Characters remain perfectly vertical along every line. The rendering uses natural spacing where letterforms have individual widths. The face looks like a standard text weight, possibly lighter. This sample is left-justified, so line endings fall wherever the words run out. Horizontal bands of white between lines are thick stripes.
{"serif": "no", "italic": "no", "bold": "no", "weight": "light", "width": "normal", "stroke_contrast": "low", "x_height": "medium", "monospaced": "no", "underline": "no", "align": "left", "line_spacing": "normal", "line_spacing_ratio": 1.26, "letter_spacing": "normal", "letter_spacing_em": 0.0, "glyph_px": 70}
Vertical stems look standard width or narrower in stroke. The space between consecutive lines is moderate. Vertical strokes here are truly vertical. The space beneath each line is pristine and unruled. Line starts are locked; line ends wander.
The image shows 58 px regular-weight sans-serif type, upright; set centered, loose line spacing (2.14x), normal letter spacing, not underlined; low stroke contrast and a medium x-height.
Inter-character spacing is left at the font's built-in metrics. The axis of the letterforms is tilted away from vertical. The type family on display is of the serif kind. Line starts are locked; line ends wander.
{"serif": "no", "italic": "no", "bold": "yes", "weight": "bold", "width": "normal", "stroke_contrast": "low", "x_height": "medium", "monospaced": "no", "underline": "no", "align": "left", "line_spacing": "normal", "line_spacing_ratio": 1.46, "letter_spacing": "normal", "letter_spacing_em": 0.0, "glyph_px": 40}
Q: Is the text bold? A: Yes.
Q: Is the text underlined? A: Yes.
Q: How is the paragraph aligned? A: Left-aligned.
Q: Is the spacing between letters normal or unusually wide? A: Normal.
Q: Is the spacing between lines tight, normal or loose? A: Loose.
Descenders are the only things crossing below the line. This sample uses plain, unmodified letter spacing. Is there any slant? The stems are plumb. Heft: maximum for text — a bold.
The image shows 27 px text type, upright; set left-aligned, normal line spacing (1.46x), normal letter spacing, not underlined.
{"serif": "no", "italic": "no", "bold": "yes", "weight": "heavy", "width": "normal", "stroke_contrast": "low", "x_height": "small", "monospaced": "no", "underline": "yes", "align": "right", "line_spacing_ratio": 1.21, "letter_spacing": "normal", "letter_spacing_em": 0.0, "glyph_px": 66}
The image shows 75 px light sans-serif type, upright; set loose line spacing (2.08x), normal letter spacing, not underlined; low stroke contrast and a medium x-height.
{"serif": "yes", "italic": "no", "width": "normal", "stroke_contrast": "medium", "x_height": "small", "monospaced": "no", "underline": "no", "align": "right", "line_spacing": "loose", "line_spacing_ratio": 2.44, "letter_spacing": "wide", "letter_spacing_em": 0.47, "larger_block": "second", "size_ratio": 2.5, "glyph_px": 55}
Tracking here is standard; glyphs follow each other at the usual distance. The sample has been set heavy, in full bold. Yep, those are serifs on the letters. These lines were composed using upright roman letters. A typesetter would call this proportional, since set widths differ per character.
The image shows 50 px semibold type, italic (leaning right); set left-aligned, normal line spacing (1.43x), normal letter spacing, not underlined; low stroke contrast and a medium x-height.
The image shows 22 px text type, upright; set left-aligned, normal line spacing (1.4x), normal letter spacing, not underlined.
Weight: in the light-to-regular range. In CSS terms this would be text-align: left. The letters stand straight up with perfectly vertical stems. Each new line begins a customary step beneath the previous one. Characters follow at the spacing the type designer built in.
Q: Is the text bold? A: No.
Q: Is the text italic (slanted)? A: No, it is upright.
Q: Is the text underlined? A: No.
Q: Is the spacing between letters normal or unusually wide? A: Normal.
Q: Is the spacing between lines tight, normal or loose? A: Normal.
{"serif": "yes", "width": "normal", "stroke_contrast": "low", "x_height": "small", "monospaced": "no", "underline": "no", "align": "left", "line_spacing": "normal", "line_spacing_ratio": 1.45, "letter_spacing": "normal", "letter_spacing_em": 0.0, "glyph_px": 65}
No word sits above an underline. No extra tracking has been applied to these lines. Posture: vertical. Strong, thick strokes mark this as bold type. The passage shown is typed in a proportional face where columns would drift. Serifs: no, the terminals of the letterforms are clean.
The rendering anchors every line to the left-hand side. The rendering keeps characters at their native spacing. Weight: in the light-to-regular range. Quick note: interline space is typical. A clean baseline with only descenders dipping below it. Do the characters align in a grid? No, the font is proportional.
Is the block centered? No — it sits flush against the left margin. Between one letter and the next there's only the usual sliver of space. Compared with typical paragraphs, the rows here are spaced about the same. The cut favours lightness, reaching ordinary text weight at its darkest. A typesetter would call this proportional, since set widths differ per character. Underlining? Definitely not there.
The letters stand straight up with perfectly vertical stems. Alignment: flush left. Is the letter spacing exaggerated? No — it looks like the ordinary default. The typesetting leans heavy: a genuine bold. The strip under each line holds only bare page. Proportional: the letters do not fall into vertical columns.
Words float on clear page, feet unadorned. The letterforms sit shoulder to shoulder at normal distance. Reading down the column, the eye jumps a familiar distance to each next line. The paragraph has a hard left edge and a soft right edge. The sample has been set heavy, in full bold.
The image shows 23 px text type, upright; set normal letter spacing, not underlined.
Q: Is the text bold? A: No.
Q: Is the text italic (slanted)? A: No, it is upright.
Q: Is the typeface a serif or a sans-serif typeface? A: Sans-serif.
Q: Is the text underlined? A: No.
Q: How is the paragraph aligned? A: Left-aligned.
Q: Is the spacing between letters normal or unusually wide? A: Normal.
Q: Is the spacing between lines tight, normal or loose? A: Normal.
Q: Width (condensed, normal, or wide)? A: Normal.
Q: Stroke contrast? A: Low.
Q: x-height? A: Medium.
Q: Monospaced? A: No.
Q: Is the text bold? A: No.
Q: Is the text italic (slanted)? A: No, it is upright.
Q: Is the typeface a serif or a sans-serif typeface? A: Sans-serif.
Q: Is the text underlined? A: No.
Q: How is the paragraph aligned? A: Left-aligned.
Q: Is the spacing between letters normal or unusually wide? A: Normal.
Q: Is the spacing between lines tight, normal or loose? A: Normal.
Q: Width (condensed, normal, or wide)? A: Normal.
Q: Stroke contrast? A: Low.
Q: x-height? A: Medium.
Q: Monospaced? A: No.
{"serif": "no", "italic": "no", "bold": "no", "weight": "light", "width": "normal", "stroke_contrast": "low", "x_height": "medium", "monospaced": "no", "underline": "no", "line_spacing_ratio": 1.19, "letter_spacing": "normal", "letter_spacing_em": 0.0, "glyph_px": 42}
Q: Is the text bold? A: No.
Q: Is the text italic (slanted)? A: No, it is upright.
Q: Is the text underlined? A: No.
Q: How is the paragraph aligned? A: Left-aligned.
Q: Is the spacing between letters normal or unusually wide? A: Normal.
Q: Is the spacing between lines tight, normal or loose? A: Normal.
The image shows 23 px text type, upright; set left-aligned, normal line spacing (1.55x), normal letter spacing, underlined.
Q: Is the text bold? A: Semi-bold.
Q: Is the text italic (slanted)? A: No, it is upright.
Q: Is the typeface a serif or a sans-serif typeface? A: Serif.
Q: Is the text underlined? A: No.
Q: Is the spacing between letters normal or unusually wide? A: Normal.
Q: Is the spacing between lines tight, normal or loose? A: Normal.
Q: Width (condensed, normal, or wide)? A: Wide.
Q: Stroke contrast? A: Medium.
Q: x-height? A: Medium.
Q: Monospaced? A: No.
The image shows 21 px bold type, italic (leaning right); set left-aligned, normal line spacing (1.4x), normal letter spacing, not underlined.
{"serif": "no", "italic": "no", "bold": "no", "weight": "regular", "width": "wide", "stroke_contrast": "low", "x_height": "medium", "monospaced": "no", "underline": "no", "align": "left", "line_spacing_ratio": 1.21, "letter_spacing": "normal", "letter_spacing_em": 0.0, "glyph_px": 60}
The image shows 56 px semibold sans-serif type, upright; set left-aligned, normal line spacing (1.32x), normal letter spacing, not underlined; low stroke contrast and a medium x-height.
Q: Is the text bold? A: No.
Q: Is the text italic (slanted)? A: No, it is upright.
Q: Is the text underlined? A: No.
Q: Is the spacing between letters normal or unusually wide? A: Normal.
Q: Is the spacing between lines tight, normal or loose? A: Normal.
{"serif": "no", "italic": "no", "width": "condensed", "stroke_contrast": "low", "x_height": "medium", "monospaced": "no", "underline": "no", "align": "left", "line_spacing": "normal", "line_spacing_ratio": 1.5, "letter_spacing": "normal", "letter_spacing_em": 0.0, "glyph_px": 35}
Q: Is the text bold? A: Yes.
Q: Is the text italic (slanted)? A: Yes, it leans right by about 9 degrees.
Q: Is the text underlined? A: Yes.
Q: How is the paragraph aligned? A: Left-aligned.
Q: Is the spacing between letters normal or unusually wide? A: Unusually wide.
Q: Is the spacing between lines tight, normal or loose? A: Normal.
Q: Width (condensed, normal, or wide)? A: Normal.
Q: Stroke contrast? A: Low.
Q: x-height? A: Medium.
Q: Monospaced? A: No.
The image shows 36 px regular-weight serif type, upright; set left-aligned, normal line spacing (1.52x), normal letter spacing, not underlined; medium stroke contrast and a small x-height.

○ ○ ○ ○

Exercise directions - Which lines of the data include the string "wander"? Copy each of them.

Task output -
Vertical stems look standard width or narrower in stroke. The space between consecutive lines is moderate. Vertical strokes here are truly vertical. The space beneath each line is pristine and unruled. Line starts are locked; line ends wander.
Inter-character spacing is left at the font's built-in metrics. The axis of the letterforms is tilted away from vertical. The type family on display is of the serif kind. Line starts are locked; line ends wander.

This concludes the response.